PROBLEM DETAILS:
Set out word for word the line that contains "1.6 s past the first image." and each line after it, through the end of the data below, but exclude the pictures.
*** Opening of SUPPLIED RECORDS ***
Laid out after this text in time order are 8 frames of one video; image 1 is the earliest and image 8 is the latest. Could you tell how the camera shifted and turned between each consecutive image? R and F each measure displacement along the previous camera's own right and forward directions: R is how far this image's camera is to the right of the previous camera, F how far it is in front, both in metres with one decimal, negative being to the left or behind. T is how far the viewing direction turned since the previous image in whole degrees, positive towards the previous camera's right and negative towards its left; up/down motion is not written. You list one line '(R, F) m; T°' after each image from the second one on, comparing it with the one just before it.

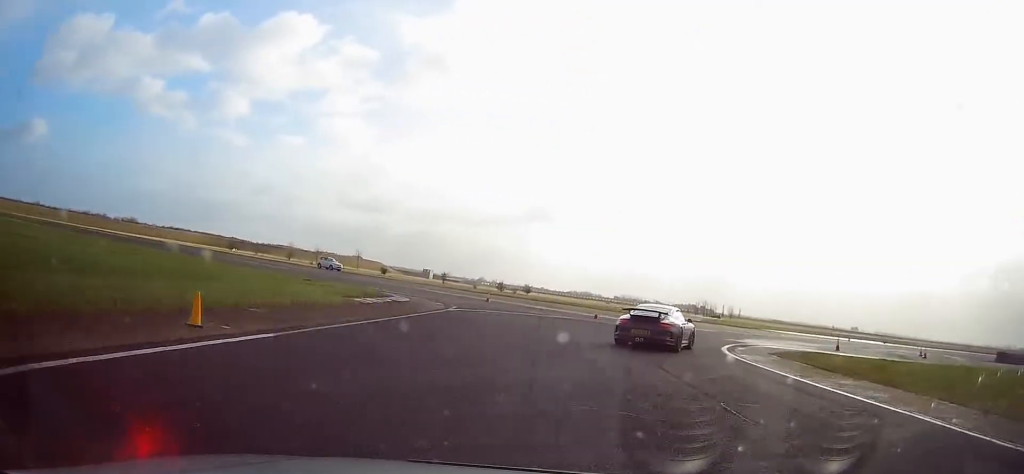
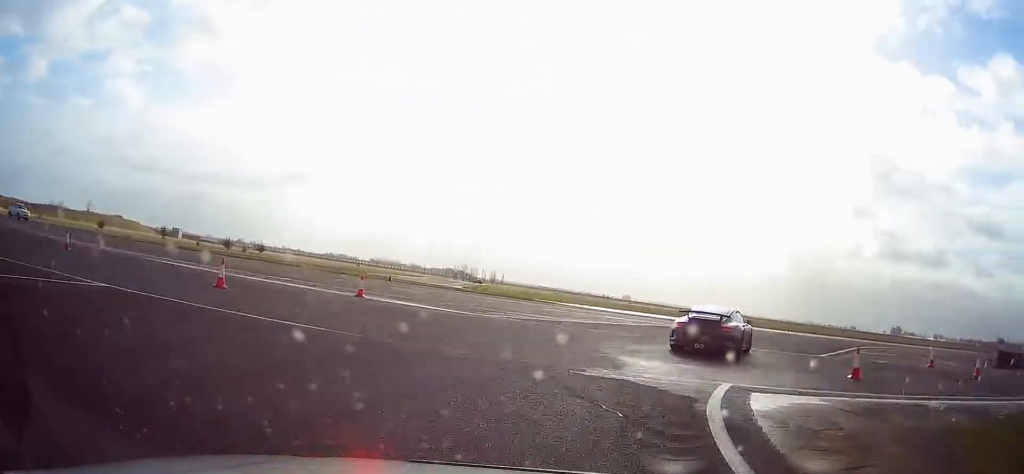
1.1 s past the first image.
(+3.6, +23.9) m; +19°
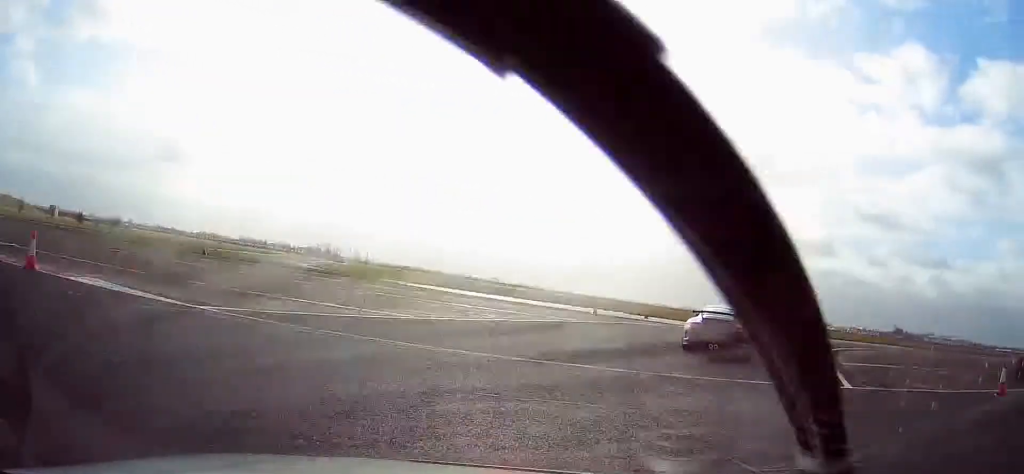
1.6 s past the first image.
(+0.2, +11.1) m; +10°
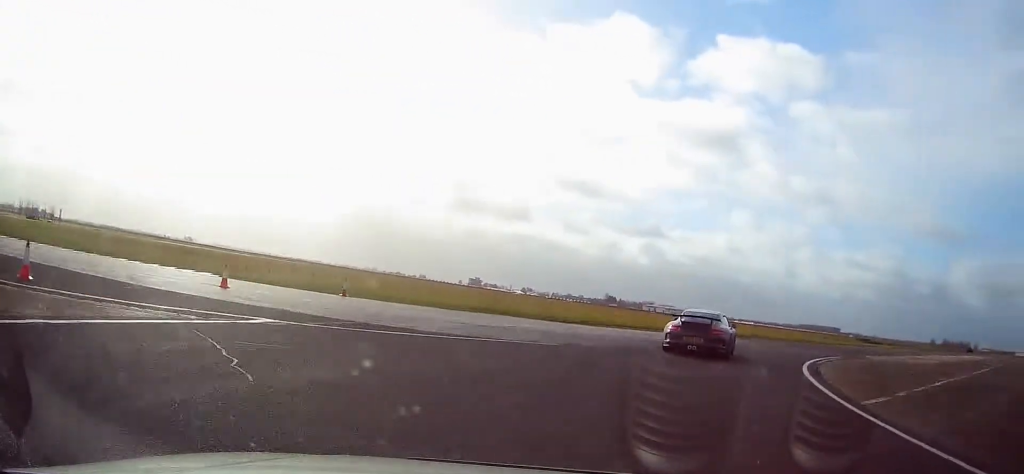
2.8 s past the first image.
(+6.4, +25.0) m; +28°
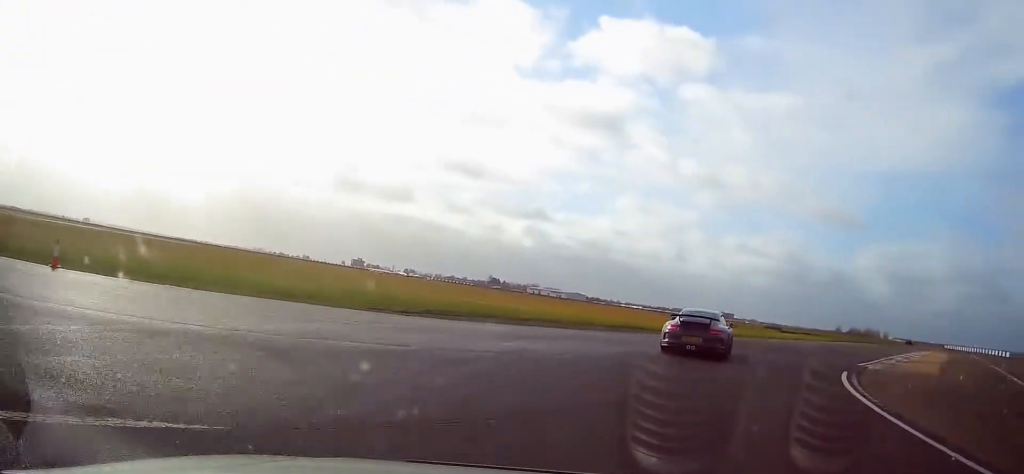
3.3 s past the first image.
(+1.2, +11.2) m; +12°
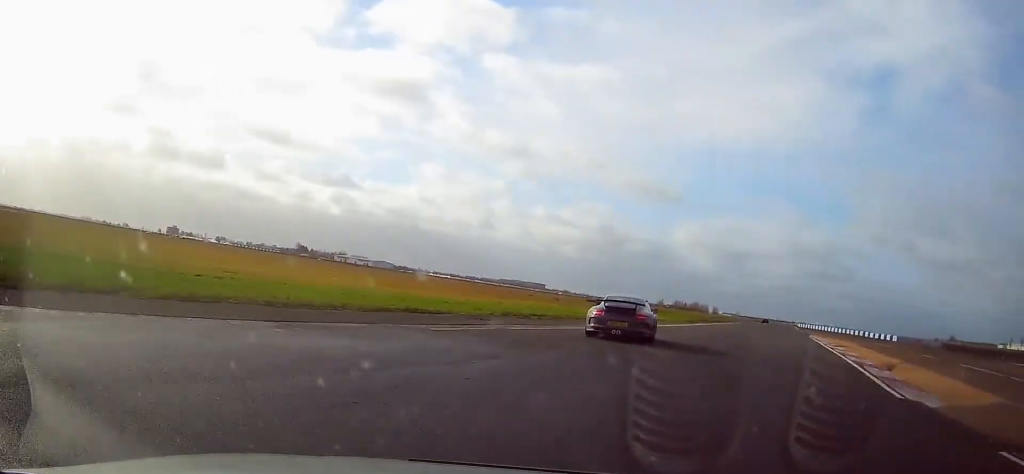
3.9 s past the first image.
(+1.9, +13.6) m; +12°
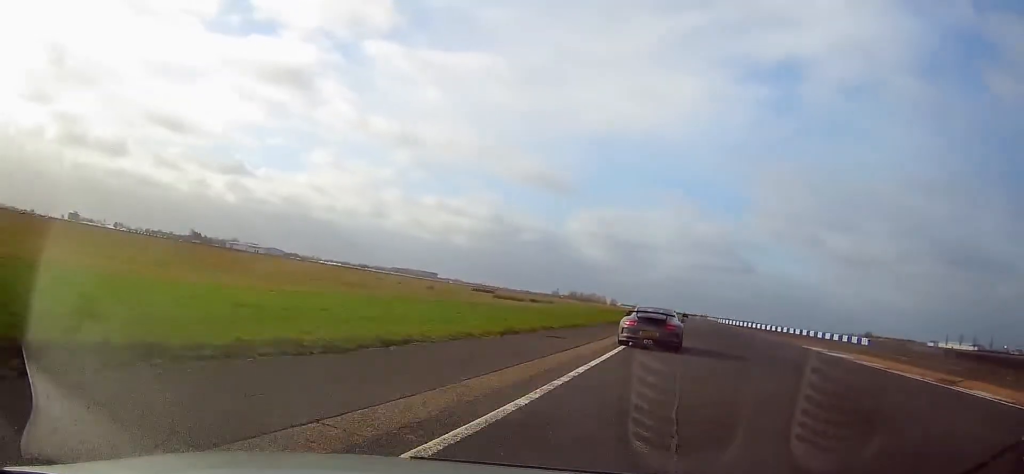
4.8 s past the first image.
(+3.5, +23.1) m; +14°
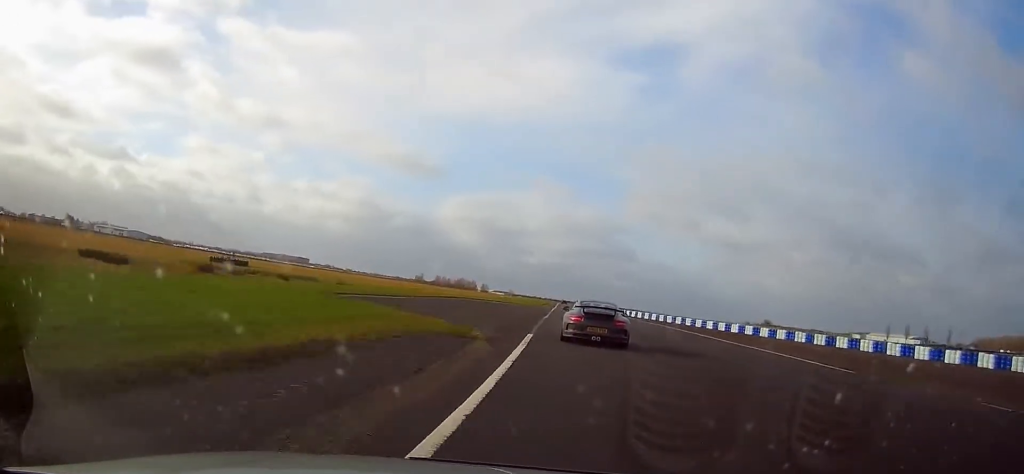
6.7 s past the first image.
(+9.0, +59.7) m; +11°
*** Close of SUPPLIED RECORDS ***
RESULT OF THE EXERCISE:
1.6 s past the first image.
(+0.2, +11.1) m; +10°
2.8 s past the first image.
(+6.4, +25.0) m; +28°
3.3 s past the first image.
(+1.2, +11.2) m; +12°
3.9 s past the first image.
(+1.9, +13.6) m; +12°
4.8 s past the first image.
(+3.5, +23.1) m; +14°
6.7 s past the first image.
(+9.0, +59.7) m; +11°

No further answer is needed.